Now, the mean function has returned a `numpy` array to us with the same number of elements as we have columns. The 0th element of the variable `column_averages` corresponds the mean of column index 0, the second number (index 1) corresponds to the mean of column index 1.

## Optional - Returning to the geometry analysis project

In your geometry analysis project, you had to analyze an xyz file, find the bonds, and print bond lengths.

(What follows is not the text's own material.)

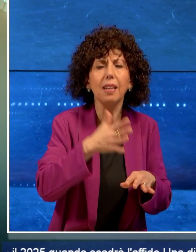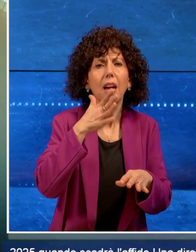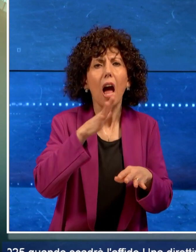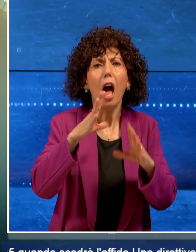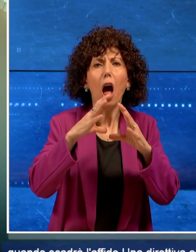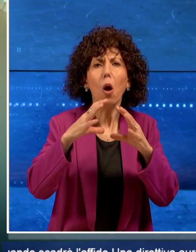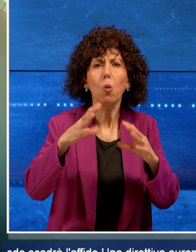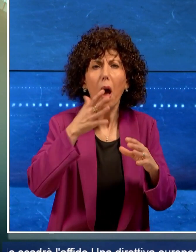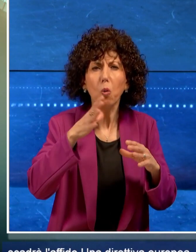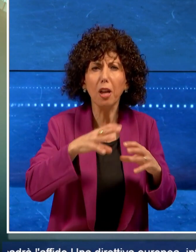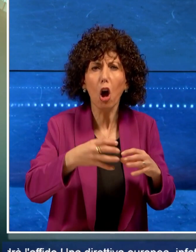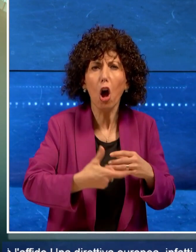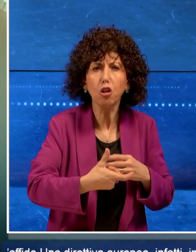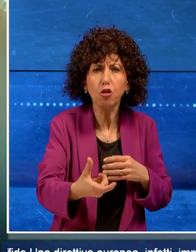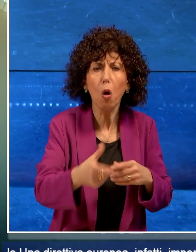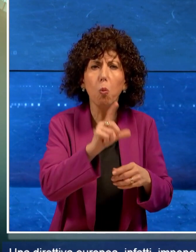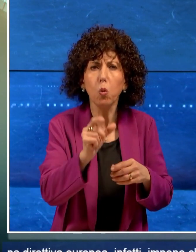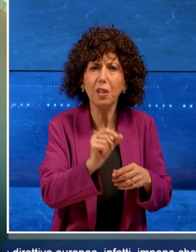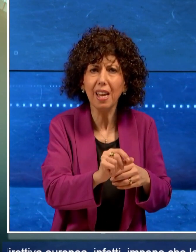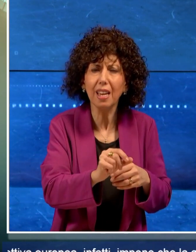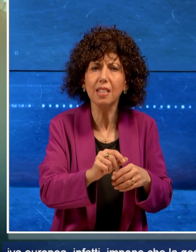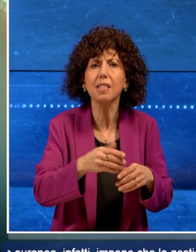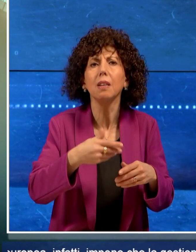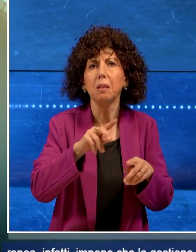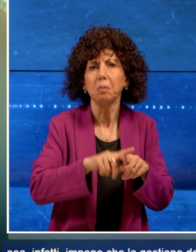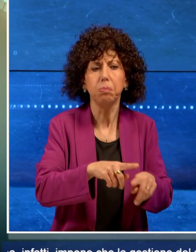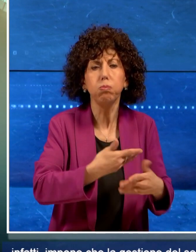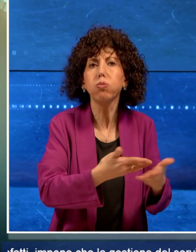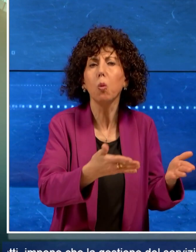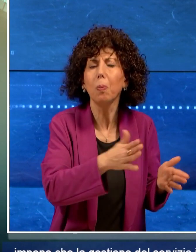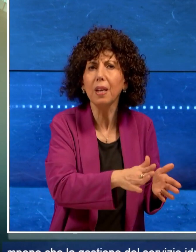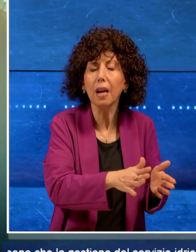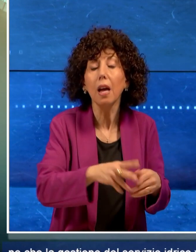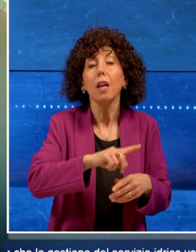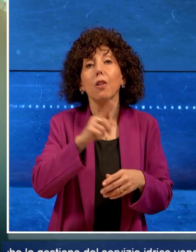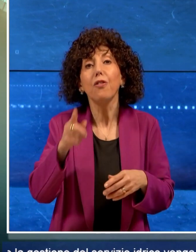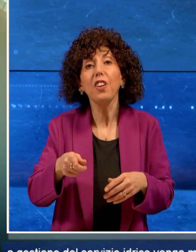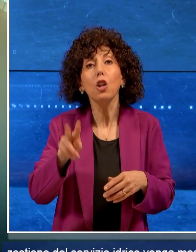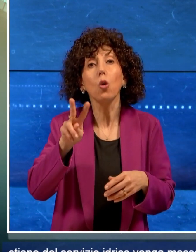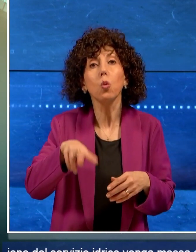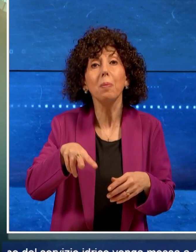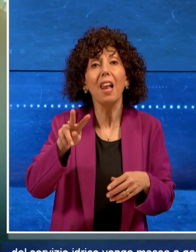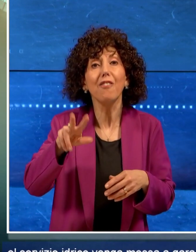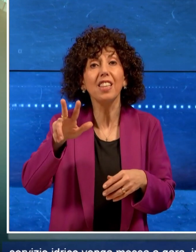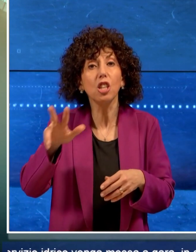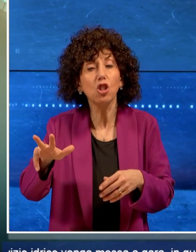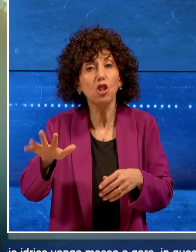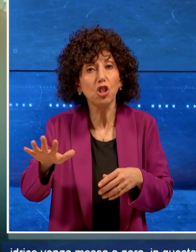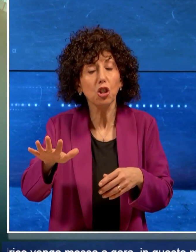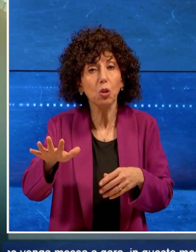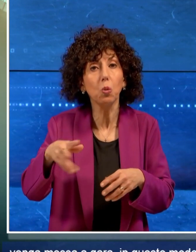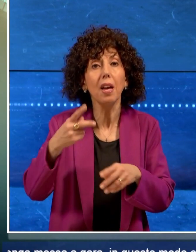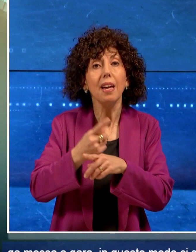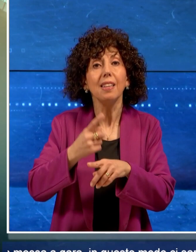dopo il 2025 quando scadrà l'affido. Una direttiva europea

We can rewrite that project using the features of numpy arrays.

Recall that a solution given for a function for calculating distances between two points was the following

``````def calculate_distance(rA, rB):
"""Calculate distance between points A and B"""
x_dist = (rA - rB) ** 2
y_dist = (rA - rB) ** 2
z_dist = (rA - rB) ** 2

distance = np.sqrt(x_dist + y_dist + z_dist)

return distance
``````

This function would work for both lists and numpy arrays, because it does not assume that rA and rB can do something like element-wise subtraction.

## Exercise

Using what you’ve learned about numpy arrays, rewrite the `calculate_distance` function to use the features of numpy arrays.

If rA and rB are both numpy arrays, we can use element-wise subtraction. It is also a good idea to update your function docstring to reflect the restriction on the data type of `rA` and `rB`.

`````` def calculate_distance(rA, rB):
"""Calculate the distance between points A and B. rA and rB must be numpy arrays."""
AB = (rB - rA)**2
distance = np.sqrt(np.sum(AB))
return distance
``````

You might also have used the `numpy` function `np.linalg.norm` which calculates the magnitude of a given vector.

``````def calculate_distance(rA, rB):
dist_vec = (rA-rB)
distance = np.linalg.norm(dist_vec)
return distance
``````

Redefine your original distance function as `calculate_distance_list`. Using both, we see that both functions give the same answer.

``````print(calculate_distance_list(r1, r2))
print(calculate_distance(r1_array, r2_array))
``````

## Key Points

• NumPy arrays which are the same size use element-wise operations when added or subtracted

• NumPy uses something called broadcasting for arrays which are not the same size to allow arrays to be added or multiplied.

• NumPy has extensive documentation online - you should check this out if you need to do a computation.